YOUR OBJECTIVE: Only the lines from the one with "#293=CARTESIAN_POINT('Origin',(59.75,16.,0.));" to the end of the data below should be returned, each exactly as it stands.

[Records from a collection]
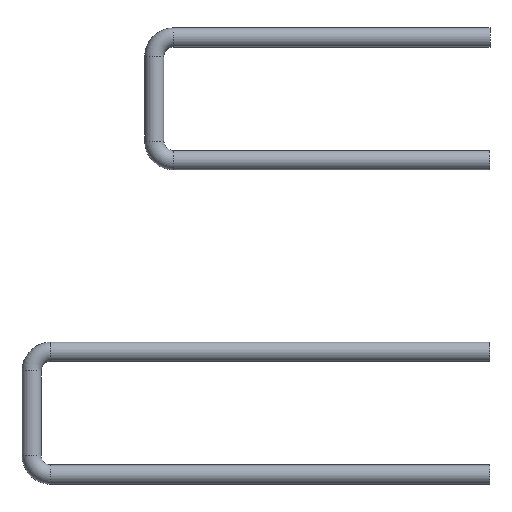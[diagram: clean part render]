
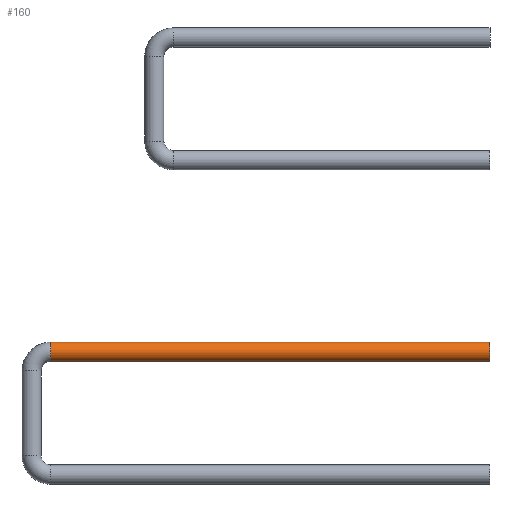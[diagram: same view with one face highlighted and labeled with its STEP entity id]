
A CAD part, top view. The second image highlights one B-rep face of the part: STEP entity #160.
In plain terms, the highlighted cylindrical face has radius 2.5 mm (diameter 5 mm), a full revolution.
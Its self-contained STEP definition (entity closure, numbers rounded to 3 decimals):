
#44=FACE_BOUND('',#80,.T.);
#56=FACE_OUTER_BOUND('',#79,.T.);
#79=EDGE_LOOP('',(#139));
#80=EDGE_LOOP('',(#140));
#93=CIRCLE('',#188,2.5);
#94=CIRCLE('',#190,2.5);
#105=VERTEX_POINT('',#291);
#106=VERTEX_POINT('',#294);
#117=EDGE_CURVE('',#105,#105,#93,.T.);
#118=EDGE_CURVE('',#106,#106,#94,.T.);
#139=ORIENTED_EDGE('',*,*,#117,.F.);
#140=ORIENTED_EDGE('',*,*,#118,.T.);
#148=CYLINDRICAL_SURFACE('',#189,2.5);
#160=ADVANCED_FACE('',(#56,#44),#148,.T.);
#188=AXIS2_PLACEMENT_3D('',#292,#242,#243);
#189=AXIS2_PLACEMENT_3D('',#293,#244,#245);
#190=AXIS2_PLACEMENT_3D('',#295,#246,#247);
#242=DIRECTION('center_axis',(-1.,0.,0.));
#243=DIRECTION('ref_axis',(0.,-1.,0.));
#244=DIRECTION('center_axis',(-1.,0.,0.));
#245=DIRECTION('ref_axis',(0.,-1.,0.));
#246=DIRECTION('center_axis',(-1.,0.,0.));
#247=DIRECTION('ref_axis',(0.,-1.,0.));
#291=CARTESIAN_POINT('',(-54.75,18.5,0.));
#292=CARTESIAN_POINT('Origin',(-54.75,16.,0.));
#293=CARTESIAN_POINT('Origin',(59.75,16.,0.));
#294=CARTESIAN_POINT('',(59.75,18.5,0.));
#295=CARTESIAN_POINT('Origin',(59.75,16.,0.));

WRITTEN ANSWER:
#293=CARTESIAN_POINT('Origin',(59.75,16.,0.));
#294=CARTESIAN_POINT('',(59.75,18.5,0.));
#295=CARTESIAN_POINT('Origin',(59.75,16.,0.));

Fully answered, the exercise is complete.